Amici immaginari: Marta Bertello

Incontro Marta Bertello un pomeriggio di metà aprile, il luogo è una videochiamata; abbiamo fatto nostro questo nuovo modo di comunicare e solo dopo qualche minuto ci chiediamo da quale città ci stiamo chiamando. Accade qualcosa di simile quando si guarda un’illustrazione: entriamo in uno spazio che prima di essere disegnato non esisteva, dove il nostro occhio cerca curioso ed esplora quella nuova realtà. Potremmo essere ovunque.

“Ho sempre vissuto questa lotta tra il linguaggio dell’arte e quello della narrazione in sequenza”.

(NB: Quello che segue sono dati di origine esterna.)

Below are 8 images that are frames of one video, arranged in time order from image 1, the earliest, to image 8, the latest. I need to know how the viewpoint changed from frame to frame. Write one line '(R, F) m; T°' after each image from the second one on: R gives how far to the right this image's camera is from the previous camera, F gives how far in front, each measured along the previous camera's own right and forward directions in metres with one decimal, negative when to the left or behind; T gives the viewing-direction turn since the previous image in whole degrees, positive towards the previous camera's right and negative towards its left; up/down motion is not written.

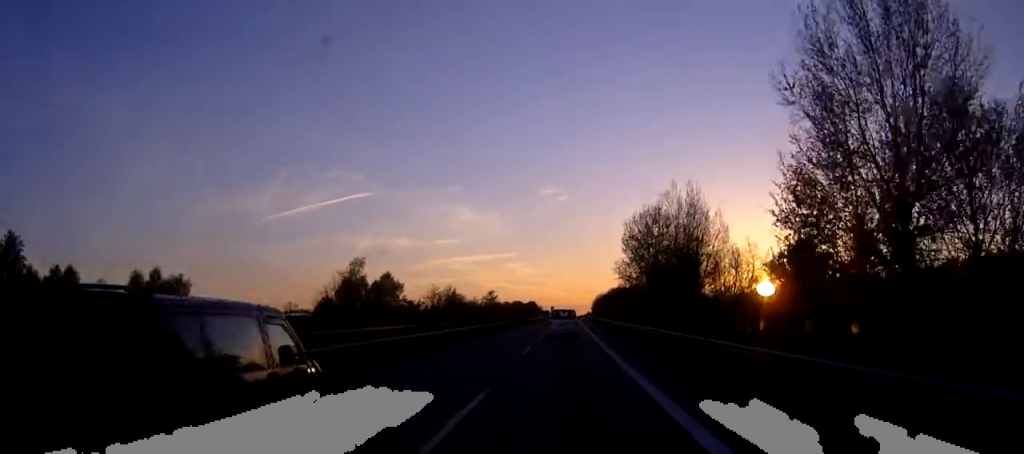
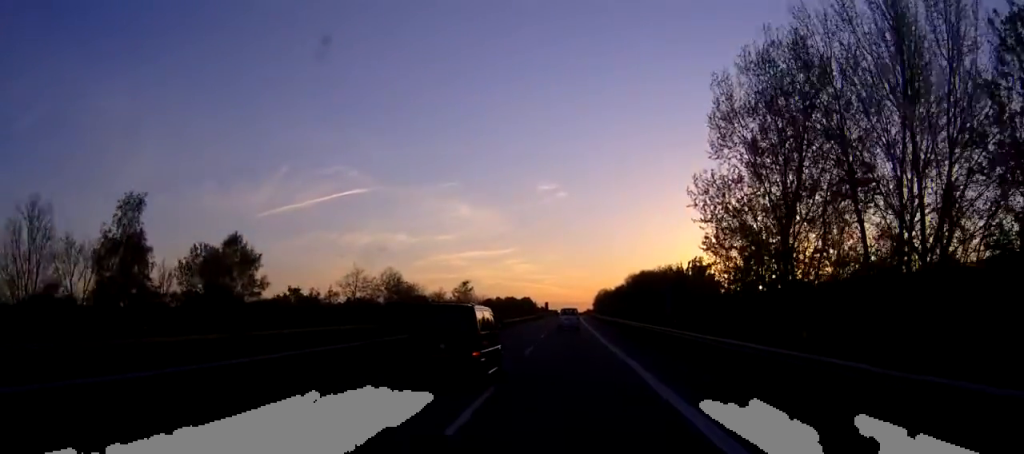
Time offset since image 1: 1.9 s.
(+0.1, +52.4) m; 0°
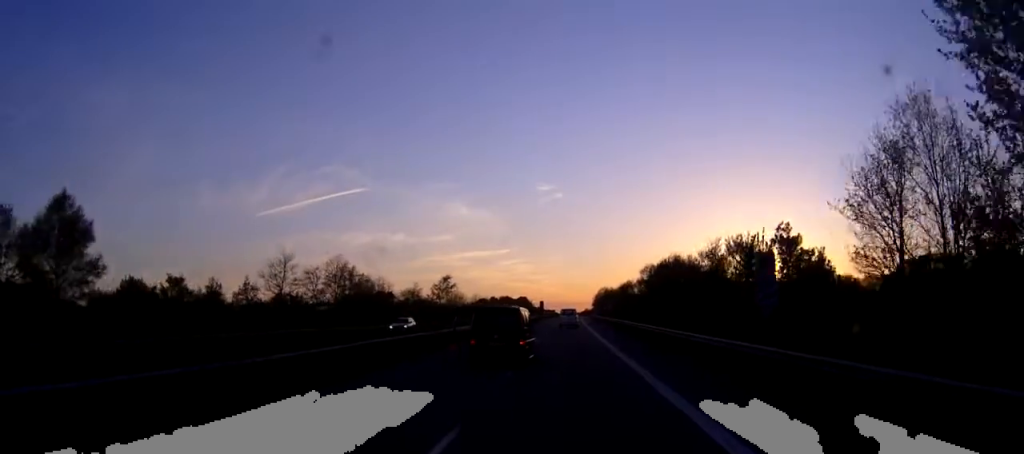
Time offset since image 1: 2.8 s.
(0.0, +23.5) m; 0°
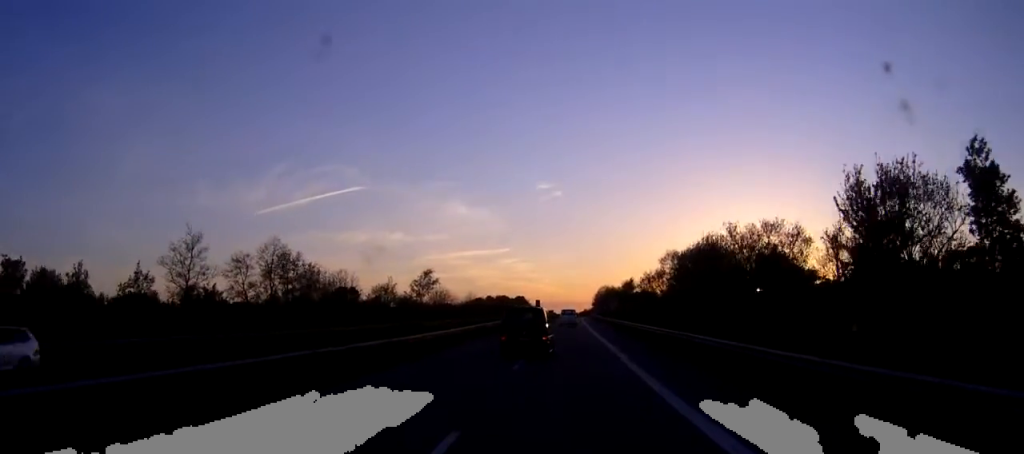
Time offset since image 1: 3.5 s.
(0.0, +18.1) m; 0°
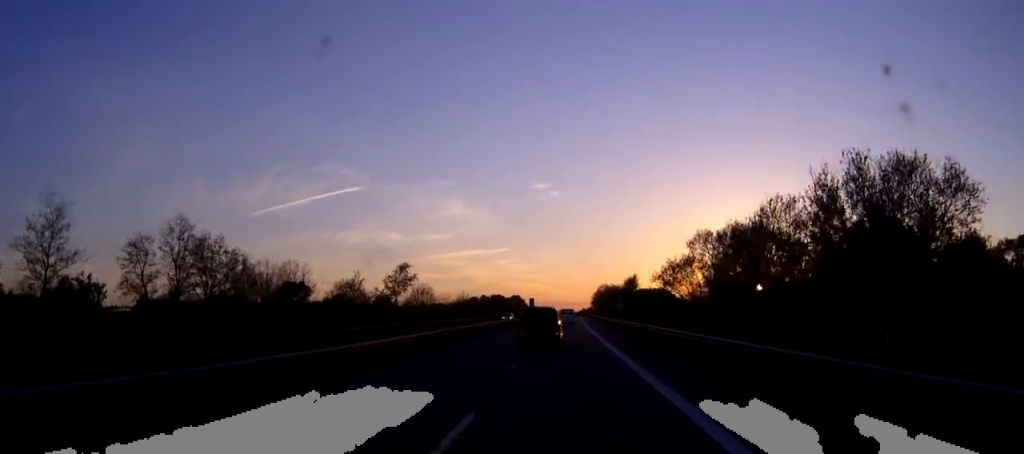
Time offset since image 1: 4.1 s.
(0.0, +16.3) m; 0°
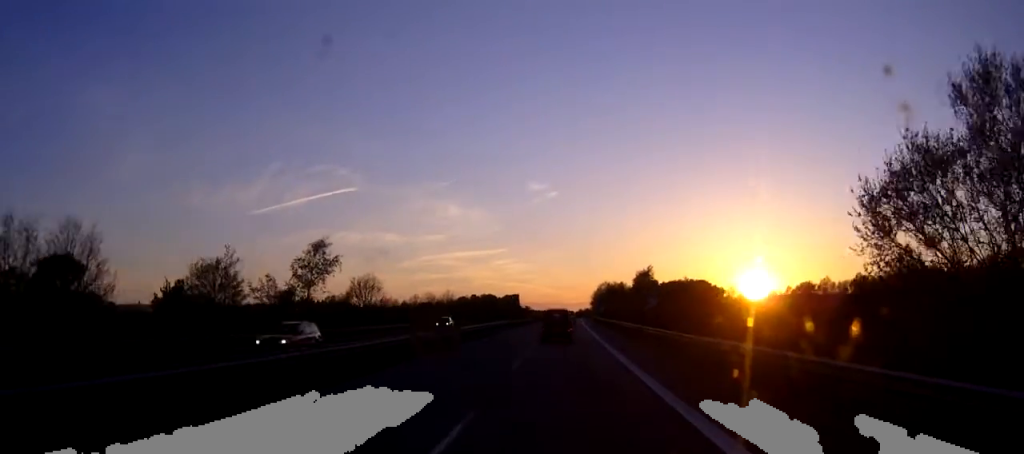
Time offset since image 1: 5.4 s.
(+0.1, +36.1) m; 0°
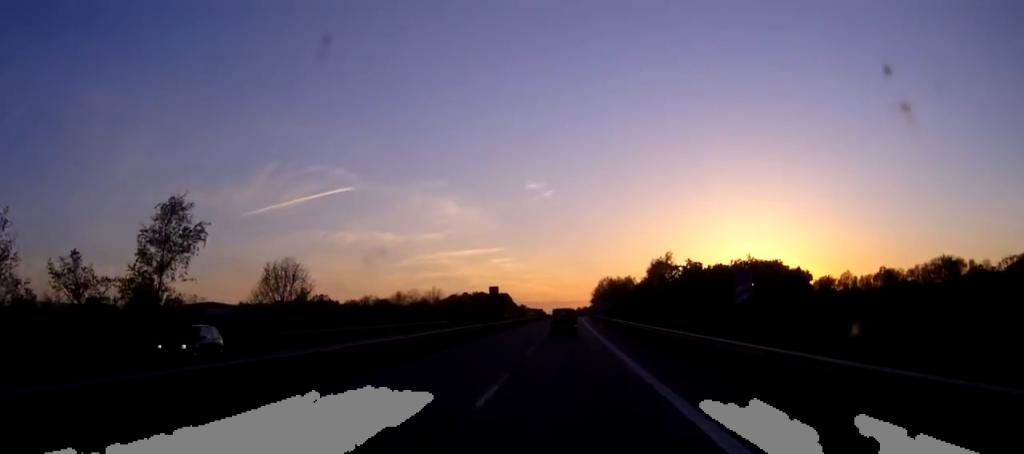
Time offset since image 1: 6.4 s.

Lei ora vive a Venezia, dove è arrivata per lavorare al Museo del ‘900 di Mestre, dopo una laurea alla Accademia Albertina di Belle Arti di Torino. “Sono torinese doc, mio nonno era pittore e frequentava la Scuola del Nudo in Accademia prima di conoscere mia nonna, che un attimo dopo il suo arrivo aveva suggerito velatamente di darci un taglio” ride Marta mentre mi racconta qualcosa di sé.

Cresciuta in una casa piena di fumetti impara i fondamenti della pittura classica conservando il ricordo di quelle immagini: “mentre studiavo avevo negli occhi Lupo Alberto e ho sempre vissuto questa lotta tra il linguaggio dell’arte e quello della narrazione in sequenza. Quella dimensione così descrittiva, tipica del quadro così come è concepito nella cultura accademica, era solo il punto di partenza, sentivo di voler andare altrove”.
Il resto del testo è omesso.